**ABOUT THIS EXERCISE**
The stretch wanted below opens at the line containing "An aerial image. It shows: Parking" and closes at the line containing "user: text: You". Please return it exactly, with no other lines.

**SOURCE DATA**
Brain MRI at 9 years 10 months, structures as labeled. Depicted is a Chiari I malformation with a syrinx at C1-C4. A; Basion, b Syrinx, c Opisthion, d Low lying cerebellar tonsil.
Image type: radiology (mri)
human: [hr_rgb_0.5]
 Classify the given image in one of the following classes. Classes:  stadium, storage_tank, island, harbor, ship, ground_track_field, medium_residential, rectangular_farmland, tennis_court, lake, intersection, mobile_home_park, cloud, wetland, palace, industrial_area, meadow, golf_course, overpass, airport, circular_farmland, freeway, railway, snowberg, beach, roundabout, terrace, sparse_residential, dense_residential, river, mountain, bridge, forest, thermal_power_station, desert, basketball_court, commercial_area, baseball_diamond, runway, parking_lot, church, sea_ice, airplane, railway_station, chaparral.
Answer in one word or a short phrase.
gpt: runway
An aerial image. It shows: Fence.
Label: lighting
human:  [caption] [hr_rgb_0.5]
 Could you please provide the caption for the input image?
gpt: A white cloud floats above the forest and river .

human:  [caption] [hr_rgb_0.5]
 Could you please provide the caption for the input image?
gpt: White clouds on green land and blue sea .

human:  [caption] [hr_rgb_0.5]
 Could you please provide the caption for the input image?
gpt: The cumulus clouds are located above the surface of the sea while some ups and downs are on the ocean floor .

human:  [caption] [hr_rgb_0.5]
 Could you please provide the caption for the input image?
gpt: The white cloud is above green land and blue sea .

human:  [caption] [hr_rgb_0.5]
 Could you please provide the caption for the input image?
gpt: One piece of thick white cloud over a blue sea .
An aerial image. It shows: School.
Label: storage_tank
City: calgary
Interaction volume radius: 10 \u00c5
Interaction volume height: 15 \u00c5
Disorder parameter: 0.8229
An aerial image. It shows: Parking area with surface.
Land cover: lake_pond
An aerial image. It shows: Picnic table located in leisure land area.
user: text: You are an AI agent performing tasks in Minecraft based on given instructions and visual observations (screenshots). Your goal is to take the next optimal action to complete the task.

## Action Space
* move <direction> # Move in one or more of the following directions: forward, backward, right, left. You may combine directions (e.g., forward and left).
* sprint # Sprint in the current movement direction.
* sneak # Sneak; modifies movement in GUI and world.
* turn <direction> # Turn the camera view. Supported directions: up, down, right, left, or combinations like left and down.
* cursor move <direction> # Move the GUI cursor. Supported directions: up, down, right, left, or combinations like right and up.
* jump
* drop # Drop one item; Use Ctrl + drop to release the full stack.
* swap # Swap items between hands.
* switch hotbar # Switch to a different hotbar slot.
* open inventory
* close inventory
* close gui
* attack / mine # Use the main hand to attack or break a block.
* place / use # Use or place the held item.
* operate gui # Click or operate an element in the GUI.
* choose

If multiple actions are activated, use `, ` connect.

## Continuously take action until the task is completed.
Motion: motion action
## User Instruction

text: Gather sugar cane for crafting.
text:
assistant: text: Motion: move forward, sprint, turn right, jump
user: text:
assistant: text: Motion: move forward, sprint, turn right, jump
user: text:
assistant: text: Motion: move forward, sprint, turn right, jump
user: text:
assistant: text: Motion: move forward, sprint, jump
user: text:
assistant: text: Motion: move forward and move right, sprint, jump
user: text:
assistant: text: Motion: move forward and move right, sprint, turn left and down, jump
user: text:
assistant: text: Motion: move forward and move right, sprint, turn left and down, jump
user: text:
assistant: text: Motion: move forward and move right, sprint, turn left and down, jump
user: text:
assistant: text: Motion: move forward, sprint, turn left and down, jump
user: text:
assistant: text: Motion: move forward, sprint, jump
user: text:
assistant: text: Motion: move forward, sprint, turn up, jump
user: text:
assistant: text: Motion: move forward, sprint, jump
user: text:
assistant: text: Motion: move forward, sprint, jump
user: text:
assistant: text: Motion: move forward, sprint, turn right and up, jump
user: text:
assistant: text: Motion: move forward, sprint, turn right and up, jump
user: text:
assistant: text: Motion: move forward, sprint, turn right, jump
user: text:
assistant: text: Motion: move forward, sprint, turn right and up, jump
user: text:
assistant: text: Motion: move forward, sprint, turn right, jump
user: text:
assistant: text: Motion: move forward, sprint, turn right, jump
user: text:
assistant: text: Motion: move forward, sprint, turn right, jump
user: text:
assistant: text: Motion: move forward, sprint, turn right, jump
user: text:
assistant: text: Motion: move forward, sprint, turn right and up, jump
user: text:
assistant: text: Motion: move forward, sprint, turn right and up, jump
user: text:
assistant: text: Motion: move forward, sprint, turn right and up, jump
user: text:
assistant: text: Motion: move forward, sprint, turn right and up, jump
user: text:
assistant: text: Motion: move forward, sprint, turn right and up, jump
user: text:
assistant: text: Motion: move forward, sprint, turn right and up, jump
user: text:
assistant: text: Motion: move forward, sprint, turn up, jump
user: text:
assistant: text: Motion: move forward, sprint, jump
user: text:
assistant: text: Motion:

**TASK OUTPUT**
An aerial image. It shows: Parking area with surface.
Land cover: lake_pond
An aerial image. It shows: Picnic table located in leisure land area.
user: text: You are an AI agent performing tasks in Minecraft based on given instructions and visual observations (screenshots). Your goal is to take the next optimal action to complete the task.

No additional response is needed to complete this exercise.